Read La reina de los condenados Online
Authors: Anne Rice
Maharet los condujo por una serie de grandes habitaciones amuebladas, dispuestas para ser utilizadas. El lugar, a pesar de estar abierto a la naturaleza, tenía aspecto de una ciudadela; las vigas del techo eran enormes; los hogares, todos en rugientes llamas, no eran más que losas colocadas en el suelo.
Tan parecidas a las antiguas salas de audiencia de Europa, en la Baja Edad Media, cuando las rutas romanas habían quedado en ruinas, la lengua latina olvidada y las primitivas tribus guerreras se habían alzado de nuevo. Al final los celtas habían salido triunfantes. Fueron los que conquistaron Europa; los castillos feudales no fueron más que campamentos celtas; incluso en los modernos estados, las supersticiones celtas sobrevivían por encima de la razón romana.
Pero las instalaciones del lugar lo llevaron a rememorar tiempos todavía más anteriores. Hombres y mujeres habían vivido en las ciudades construidas de aquel modo antes de la invención de la escritura; en habitaciones de yeso y madera; entre telas tejidas a mano u objetos de metal batido artesanalmente.
Le gustó mucho. «Ah, el idiota de cerebro otra vez! —pensó—; que pudiera gustarle algo en momentos como aquellos…» Pero los edificios construidos por inmortales siempre lo habían intrigado. Y aquella era una casa para ser estudiada con atención, una casa que se llegaba a conocer después de largo tiempo transcurrido.
Ahora cruzaron una puerta de acero que los llevó al interior de la misma montaña. El olor a tierra viva lo envolvió. Y sin embargo andaban a través de nuevos pasillos de metal, entre paredes de cinc. Oyó los generadores, los ordenadores y los dulces zumbidos eléctricos que lo hicieron sentirse tan seguro como en su propia casa.
Subieron por unas escaleras de hierro. Volvían y revolvían una y otra vez sobre sí mismas; Maharet los conducía arriba y arriba. Luego, unas paredes más rudimentarias mostraron las entrañas de la montaña, sus profundas vetas de arcilla y rocas de colores. Pequeños helechos crecían allí; pero ¿por dónde les llegaba la luz? Por un tragaluz de muy arriba, en el techo. Una pequeña puerta al cielo. Levantó la vista, agradecido, hacia el diminuto destello de luz azul.

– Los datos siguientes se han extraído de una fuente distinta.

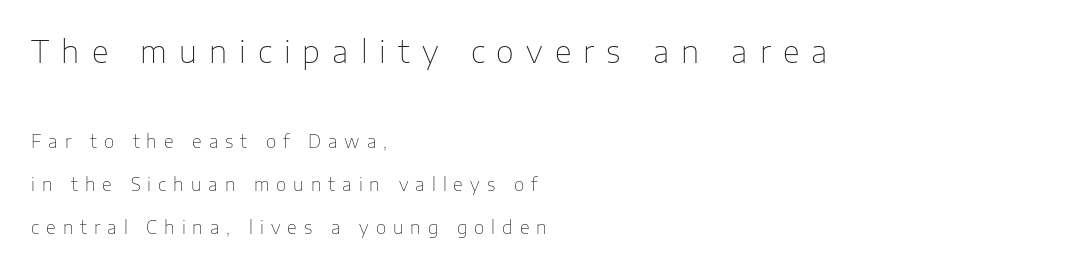
The image shows 31 px thin sans-serif type, upright; set left-aligned, loose line spacing (2.37x), unusually wide letter spacing (+0.39 em), not underlined; the first (top) block is 1.72x larger; low stroke contrast and a medium x-height.
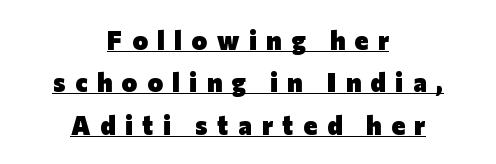
Spacing between characters has been opened up far beyond the box default. The rows are spaced the way most documents space them. Is the block centered? Yes — each line is placed symmetrically about the middle. Each glyph is drawn with heavy, bold strokes.
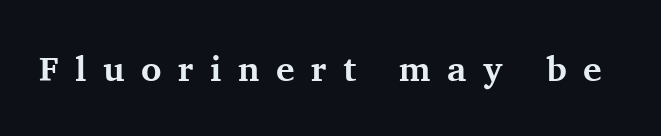
{"serif": "yes", "italic": "no", "bold": "yes", "weight": "bold", "width": "normal", "stroke_contrast": "medium", "x_height": "medium", "monospaced": "no", "underline": "no", "letter_spacing": "wide", "letter_spacing_em": 0.47, "glyph_px": 35}
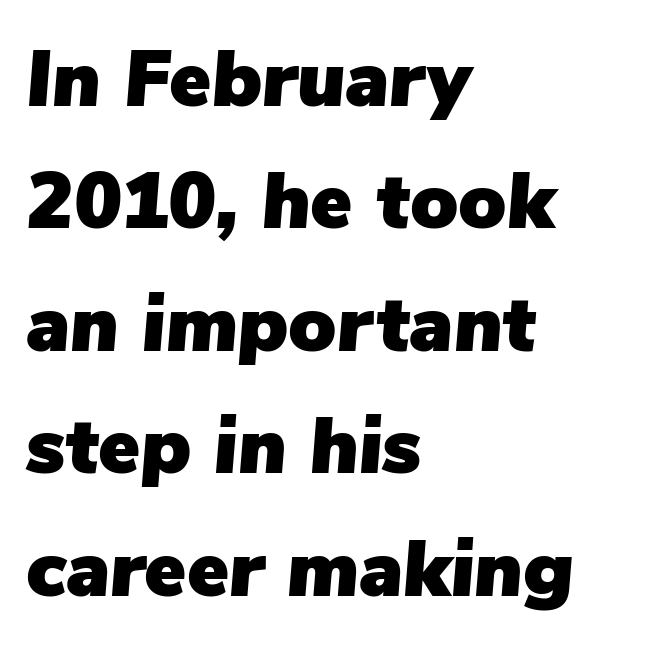
Q: Is the text italic (slanted)? A: Yes, it leans right by about 5 degrees.
Q: Is the text underlined? A: No.
Q: How is the paragraph aligned? A: Left-aligned.
Q: Is the spacing between letters normal or unusually wide? A: Normal.
Q: Is the spacing between lines tight, normal or loose? A: Normal.
Q: Width (condensed, normal, or wide)? A: Normal.
Q: Stroke contrast? A: Low.
Q: x-height? A: Medium.
Q: Monospaced? A: No.
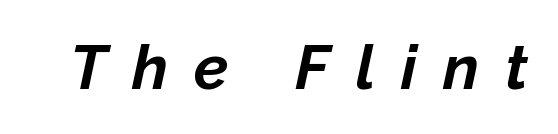
{"italic": "yes", "lean": "right", "slant_degrees": 12, "bold": "yes", "weight": "bold", "width": "normal", "stroke_contrast": "low", "x_height": "medium", "monospaced": "no", "underline": "no", "letter_spacing": "wide", "letter_spacing_em": 0.42, "glyph_px": 62}
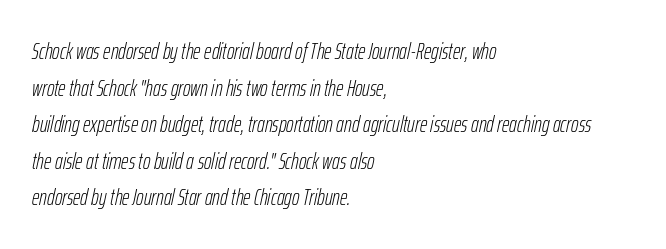
{"italic": "yes", "lean": "right", "slant_degrees": 12, "bold": "no", "underline": "no", "align": "left", "line_spacing": "normal", "line_spacing_ratio": 1.59, "letter_spacing": "normal", "letter_spacing_em": 0.0, "glyph_px": 23}
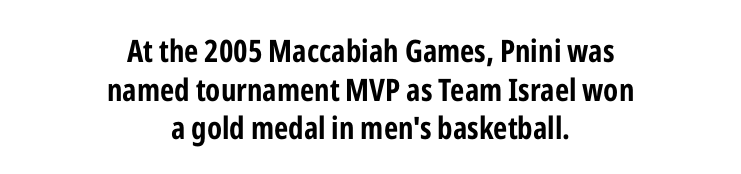
{"serif": "no", "italic": "no", "bold": "yes", "weight": "bold", "width": "condensed", "stroke_contrast": "low", "x_height": "medium", "monospaced": "no", "underline": "no", "align": "center", "line_spacing": "normal", "line_spacing_ratio": 1.25, "letter_spacing": "normal", "letter_spacing_em": 0.0, "glyph_px": 31}
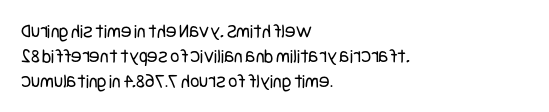
Q: Is the text bold? A: No.
Q: Is the text italic (slanted)? A: No, it is upright.
Q: Is the text underlined? A: No.
Q: How is the paragraph aligned? A: Left-aligned.
Q: Is the spacing between letters normal or unusually wide? A: Normal.
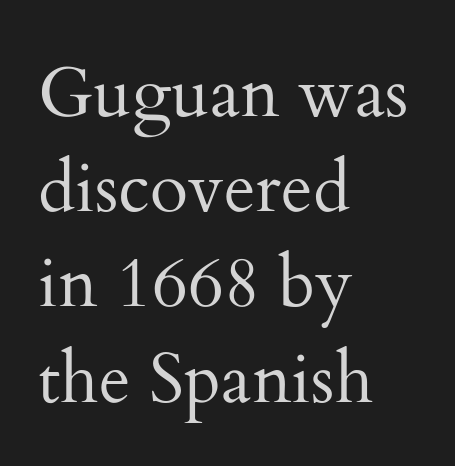
The image shows 70 px regular-weight serif type, upright; set left-aligned, normal line spacing (1.36x), normal letter spacing, not underlined; medium stroke contrast and a small x-height.
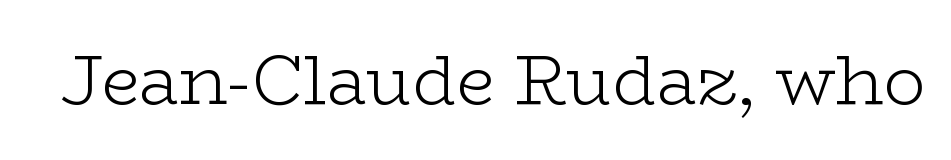
Q: Is the text bold? A: No.
Q: Is the text italic (slanted)? A: No, it is upright.
Q: Is the typeface a serif or a sans-serif typeface? A: Serif.
Q: Is the text underlined? A: No.
Q: Is the spacing between letters normal or unusually wide? A: Normal.
Q: Width (condensed, normal, or wide)? A: Wide.
Q: Stroke contrast? A: Low.
Q: x-height? A: Medium.
Q: Monospaced? A: No.
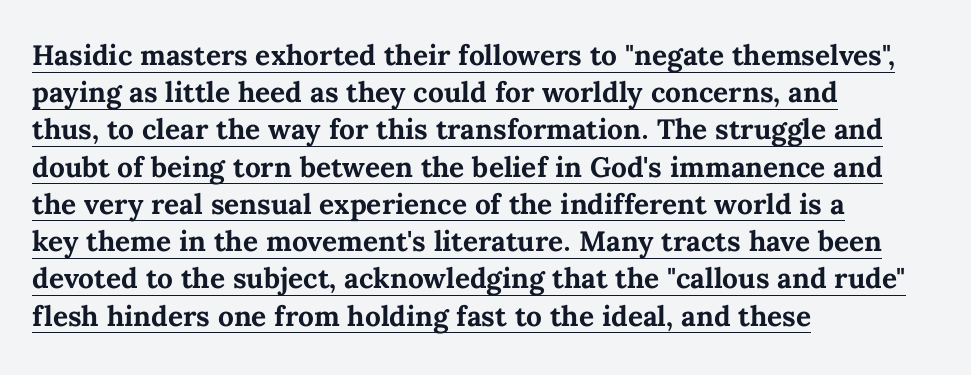
Q: Is the text bold? A: Yes.
Q: Is the text italic (slanted)? A: No, it is upright.
Q: Is the text underlined? A: Yes.
Q: How is the paragraph aligned? A: Left-aligned.
Q: Is the spacing between letters normal or unusually wide? A: Normal.
Q: Is the spacing between lines tight, normal or loose? A: Normal.
Q: Width (condensed, normal, or wide)? A: Normal.
Q: Stroke contrast? A: Medium.
Q: x-height? A: Medium.
Q: Monospaced? A: No.
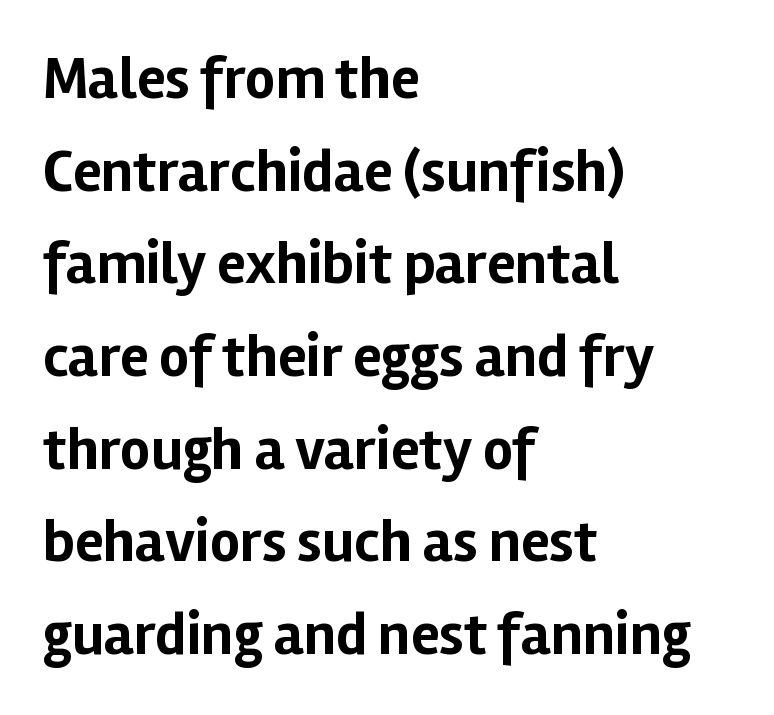
{"serif": "no", "italic": "no", "bold": "yes", "weight": "bold", "width": "normal", "stroke_contrast": "low", "x_height": "medium", "monospaced": "no", "underline": "no", "align": "left", "line_spacing": "normal", "line_spacing_ratio": 1.57, "letter_spacing": "normal", "letter_spacing_em": 0.0, "glyph_px": 59}
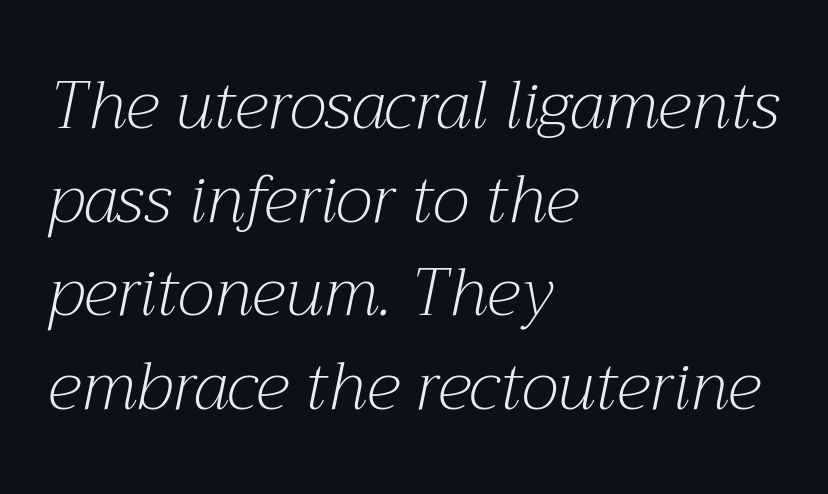
The image shows 66 px light serif type, italic (leaning right); set left-aligned, normal line spacing (1.42x), normal letter spacing, not underlined; medium stroke contrast and a medium x-height.
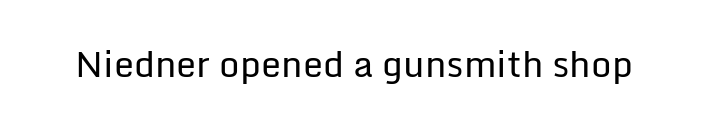
Is this a fixed-width face? No — the glyphs have proportional, varying widths. Vertical strokes here are truly vertical. Glance below the letters and you will spot only blank space. The face used here is a sans, in the tradition of grotesques and geometrics. The face looks like a standard text weight, possibly lighter. Short note: letters normally spaced.
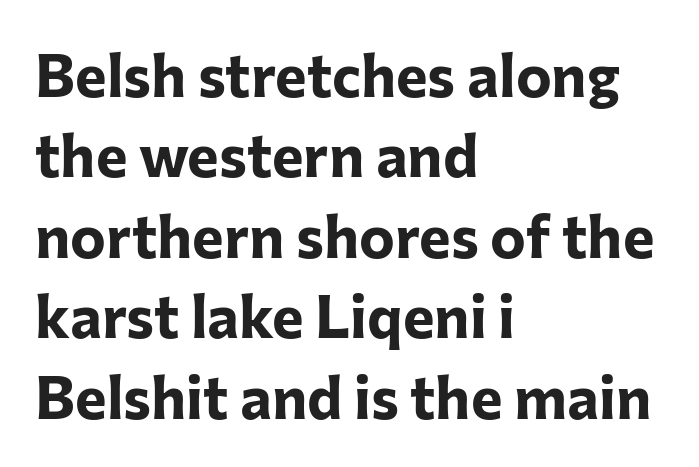
Q: Is the text bold? A: Yes.
Q: Is the text italic (slanted)? A: No, it is upright.
Q: Is the typeface a serif or a sans-serif typeface? A: Sans-serif.
Q: Is the text underlined? A: No.
Q: How is the paragraph aligned? A: Left-aligned.
Q: Is the spacing between letters normal or unusually wide? A: Normal.
Q: Is the spacing between lines tight, normal or loose? A: Normal.
Q: Width (condensed, normal, or wide)? A: Normal.
Q: Stroke contrast? A: Low.
Q: x-height? A: Medium.
Q: Monospaced? A: No.
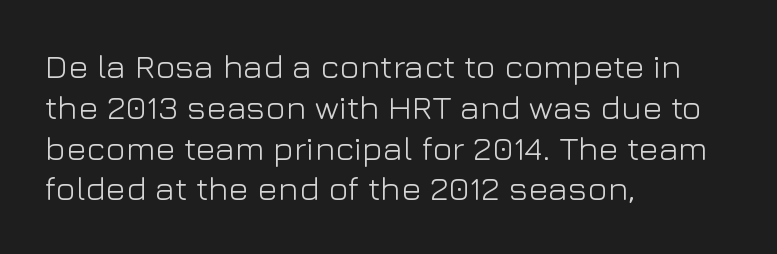
The image shows 34 px light sans-serif type, upright; set left-aligned, line spacing 1.2x, normal letter spacing, not underlined; low stroke contrast and a medium x-height.
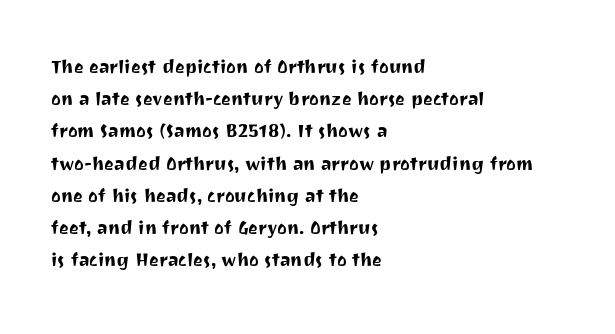
Does the leading feel generous? No, just average. The paragraph shown leans on its left margin. The string is rendered with underlining switched off. Here the glyphs are tracked normally, forming tight word shapes. The font's upright variant was chosen for this text.
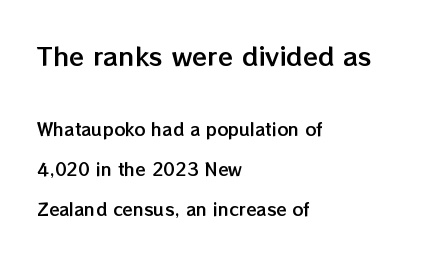
Alignment: flush left. Quick note: underline off. These two chunks differ in scale, with the top chunk taking the larger measure. The passage shown stacks its lines with a broad gap.

Finalmente salieron a un ancho rellano y entraron en un pequeño cuarto a oscuras. Había una puerta abierta que daba a una sala mucho más espaciosa, donde los demás aguardaban; pero lo único que Marius pudo ver en aquel momento fue el brillante impacto de la luz que arrojaba el fuego distante, y que le hizo desviar la mirada.
Alguien lo estaba esperando en aquel pequeño cuarto, alguien cuya presencia había sido incapaz, excepto por los métodos más ordinarios, de detectar. Una figura que ahora estaba tras él. Y, mientras Maharet entraba en la estancia mayor, tomando a Pandora, Santino y Mael consigo, Marius comprendió lo que iba a suceder. Para hacerle frente mejor, aspiró con lentitud y cerró los ojos.
Qué trivial pareció toda su amargura; pensó en aquél cuya existencia había sido, durante siglos, sufrimiento ininterrumpido, cuya juventud, con todas sus necesidades, había sido verdaderamente eternizada; en aquél a quien no había logrado salvar o perfeccionar. Cuántas veces al año no había soñado en aquel encuentro, que nunca había tenido valor para llevar a término; y ahora, en aquel campo de batalla, en aquel tiempo de ruina y de agitación, iban a encontrarse por fin.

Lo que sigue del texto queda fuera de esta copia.